:: TASK TO COMPLETE ::
I need the number of lines in the listing below that include the string "shows", and only that number.

:: DATASET RECORDS ::
-------
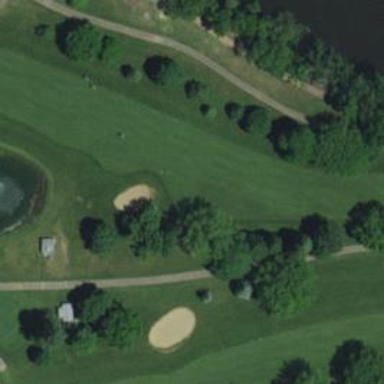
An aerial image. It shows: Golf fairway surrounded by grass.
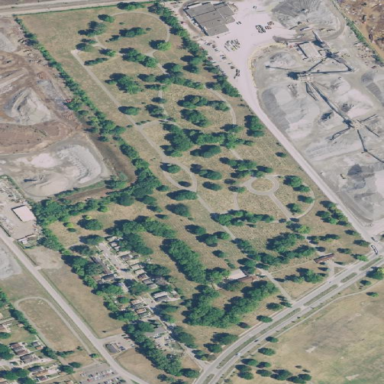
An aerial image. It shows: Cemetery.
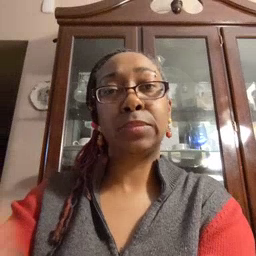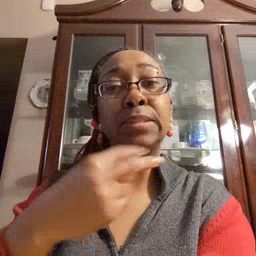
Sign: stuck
-------
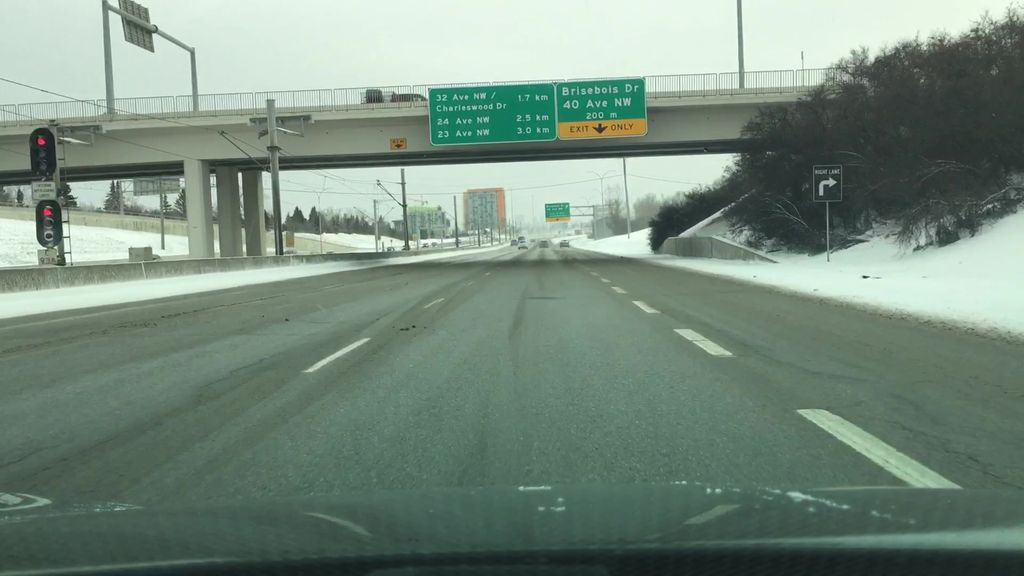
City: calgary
-------
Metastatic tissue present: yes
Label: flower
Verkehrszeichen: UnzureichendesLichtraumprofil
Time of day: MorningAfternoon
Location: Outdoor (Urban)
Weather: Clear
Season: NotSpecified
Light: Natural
-------
:: TASK RESPONSE ::
2